Igo memacu mobilnya menuju rumah dosennya, setelah berbincang sejenak Igo segera berangkat menuju hotel tempat diadakannya gathering malam ini. sementara mamanya terus menelpon menanyakan keberadaan dirinya,
“ sayang, kamu dimana?”
“ di parkiran ma, bentaarr lagi..hehe” kata Igo sambil bergegas melangkahkan kakinya ke ball room tempat acara itu. Igo menaiki tangga dengan langkah setengah berlari, begitu pula yang dilakukan gadis di depannya, ia juga setengah berlari dengan straight dress dan high heelsnya. Karena tidak mampu menjaga keseimbangannya, gadis itu melewatkan setengah anak tangganya sehingga ia akan jatuh ke dasar tangga kalau saja tidak ada Igo di belakangnya,
“ AAAAAGHHH!!!” teriak gadis itu, membuat tamu- tamu lain yang baru datang menoleh ke arahnya, namun Igo dengan sigap menangkap punggung gadis itu, dengan sekuat tenaga Igo menahan tubuh gadis itu, semua orang menatap mereka sekarang, tatapan Igo dan gadis itu pun bertemu hingga beberapa saat Igo mengucapkan kata pertamanya,
“ kamu berencana ngeliatin aku terus sampe tengah malem nanti, ato..”

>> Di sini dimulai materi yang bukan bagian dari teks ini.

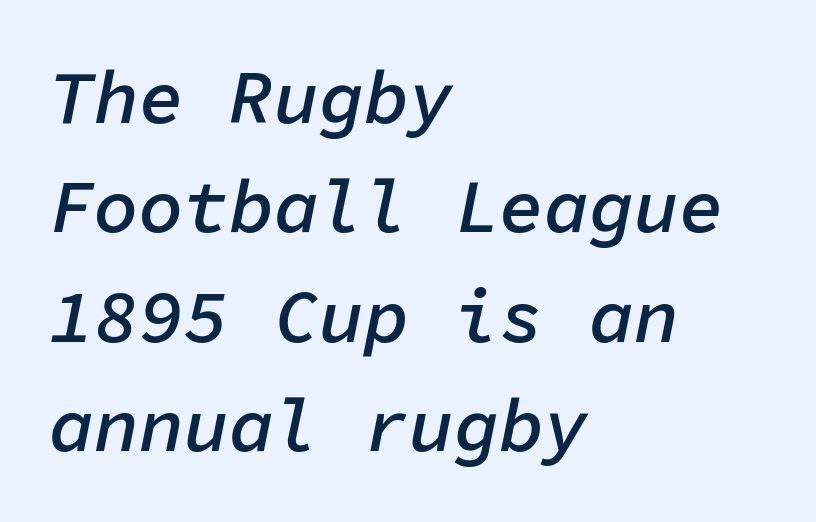
{"italic": "yes", "lean": "right", "slant_degrees": 11, "bold": "semi", "weight": "semibold", "width": "normal", "stroke_contrast": "low", "x_height": "medium", "monospaced": "yes", "underline": "no", "align": "left", "line_spacing": "normal", "line_spacing_ratio": 1.46, "letter_spacing": "normal", "letter_spacing_em": 0.0, "glyph_px": 75}
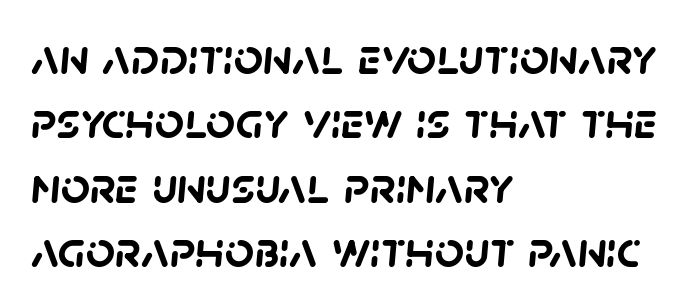
The designer left line spacing at the default. The passage shown is not underscored anywhere. Observe the ordinary spacing: letters are neighbours, not strangers. Layout note: lines flush left. The glyphs have the mass of a bold cut. These lines are composed in type without serifs.
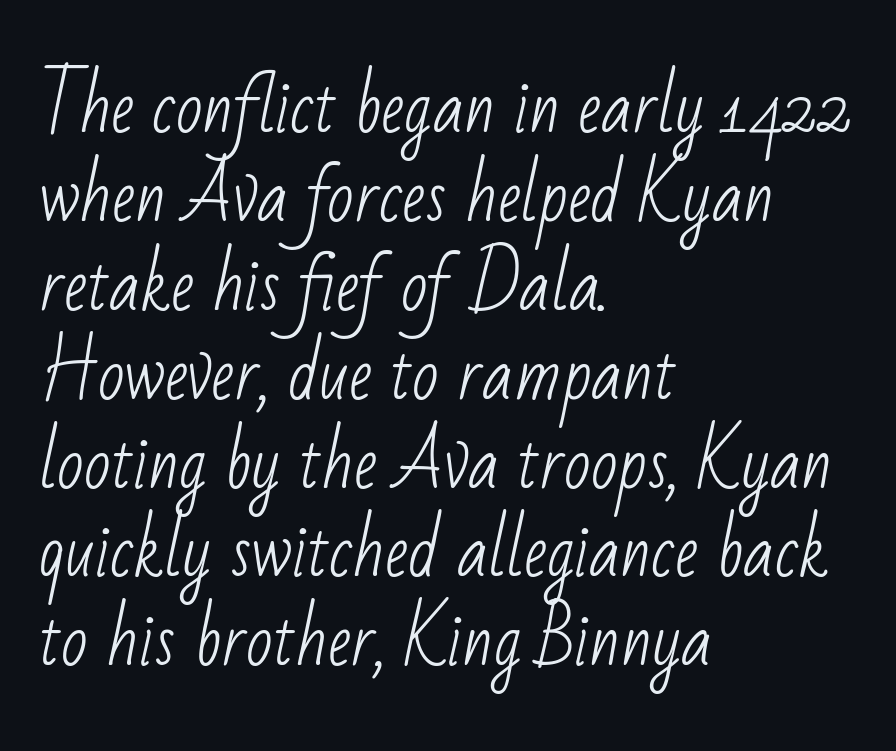
The image shows 70 px light, condensed sans-serif type; set left-aligned, normal line spacing (1.27x), normal letter spacing, not underlined; low stroke contrast and a small x-height.

Gadis itu terbangun dari ‘khayalannya’, ia segera minta maaf, “ aduh maaf ya.. maaf.. makasi.. makasi,,”
Igo tertawa mendengar kalimat gadis di depannya ini, “ mau minta maaf apa bilang makasi?” ledek Igo membuat cewek itu malu..
“ aahh,, iya, dua- duanya..” beberapa saat kemudian cewek itu menyadari siapa sosok di depannya ini.
“ loh.. kakak? Kak Igo ya?” ia segera berdiri dengan sopan dan merapikan dressnya. Igo tidak ingat siapa gadis di depannya ini.
“ kita kenal?”
“ ehmm.. engga sih kak, tadi aku yang telat kumpul tugas..” jawab Kasandra.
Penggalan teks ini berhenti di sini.